Another highly publicized example of invasive fish is the wave of Asian carp making their way through American waterways.
Species such as Silver, Bighead, Grass and Black Carp were introduced from Asia by humans to control algae and plankton in farm ponds and commercial catfish ponds. Similar to the Bream and bass plaguing the Laurel Dace, however, flooding in the late-’80s and early-’90s allowed these carp to enter the Mississippi River.
Since then, their populations have boomed, and they have continued to advance through the river and its tributaries, wreaking havoc on wide swaths of the Mississippi and its tributaries. Some have even been found as far as the headwaters of the Tennessee River near Knoxville, Tennessee.
These carp cause harm to the environment around them by disrupting the natural ecosystem. While they don’t prey on juvenile or adult native fish, they compete for the same food resources — plankton and algae — that young native fish need to grow and thrive.
Because these carp are so much larger and more aggressive than young native fish, they outcompete them, diminishing native populations. They also reproduce quickly, meaning they compete to occupy space in the rivers and crowding out native populations.
“Just imagine if all of your neighbors decided they all needed to come and live in your house,” Kuhajda says. “You would be stressed.”
The kudzu conundrum
Thanks to kudzu’s creeping domination of their hills and woods, most residents of the Southeast are all too aware of the problematic potential of non-native plants, which can be just as devastating as invasive animals.
This climbing vine native to Asia was brought to the United States in the 19th century as an ornamental plant. In the 20th century, farmers were encouraged to use it as a cover crop for erosion control. In the decades since, however, kudzu’s rapid growth and the relative absence of natural predators allowed it to quickly overwhelms native plants and choke them out of the environment.
“When I think of invasive plants, I think of non-native plants that reproduce so well and grow so rapidly and aggressively within their ecosystem that they dominate it to the exclusion of other plants or even animals,” says Aquarium Horticulturist II Austin Prater.
Despite their impact on habitats of which they are not a natural component and the bad press of the “invasive” label, non-native species are not, in and of themselves, “bad.”
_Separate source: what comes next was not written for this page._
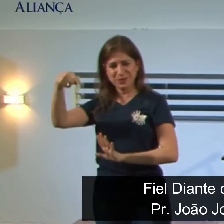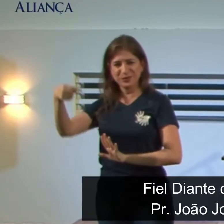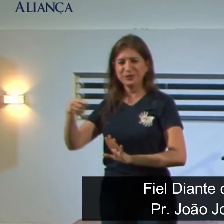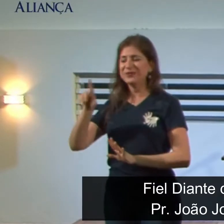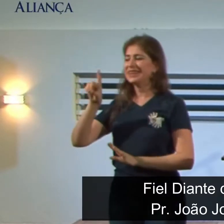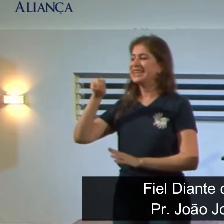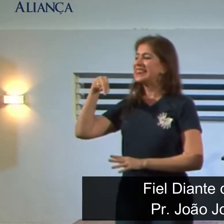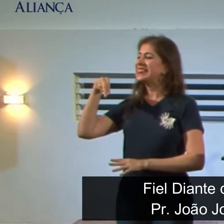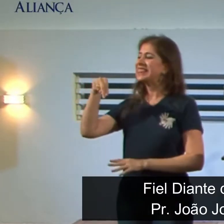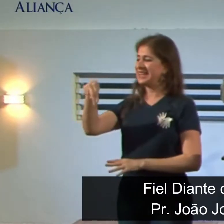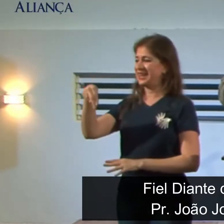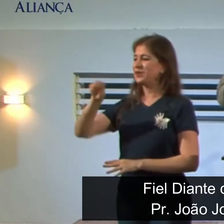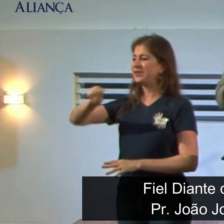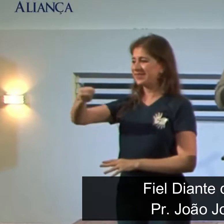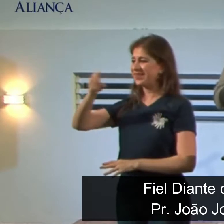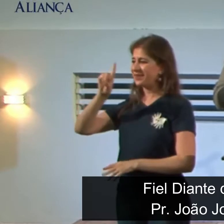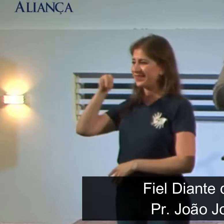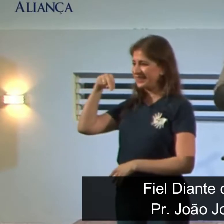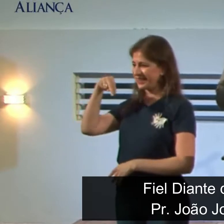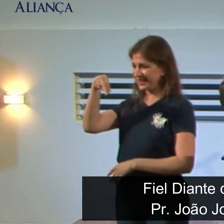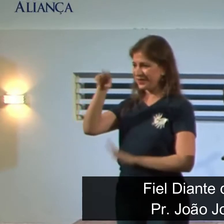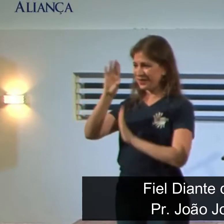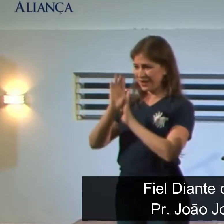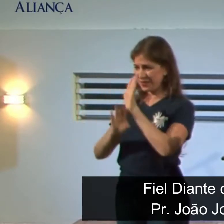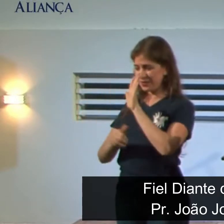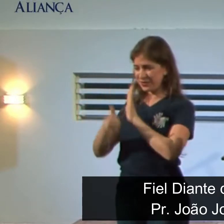Daniel, livro de Daniel, logo no capítulo 1.

In their natural habitats, these plants and animals developed alongside and exist in harmony with the other species of their ecosystem. There are natural mechanisms in place to contain them, such as predators or the presence of other equally competitive species. The problems begin when they leave their native ecosystems and are introduced to places they don’t belong that lack balancing elements to keep them in check.
Some non-native species began their invasion unintentionally, such as the sap-sucking Hemlock Woolly Adelgid ravaging North American hemlock trees. These minuscule aphid-like insects arrived by hitchhiking on shipping containers from their native countries.
Yet kudzu is a prime case study of the danger posed by the intentional introduction of a non-native species to an ecosystem. It’s a story with which the Southern Appalachian Brook Trout is all too familiar.
Since the 19th century, Rainbow Trout and Brown Trout have been stocked in Southeastern waterways for sport-fishing opportunities, but their introduction to these streams and rivers, seriously harmed populations of native Southern Appalachian Brook Trout. Thanks to these invasive competitors and habitat degradation, Tennessee’s only native trout is now found in just 20 percent of its historic range.
Yet, one man’s invasive is another man’s native.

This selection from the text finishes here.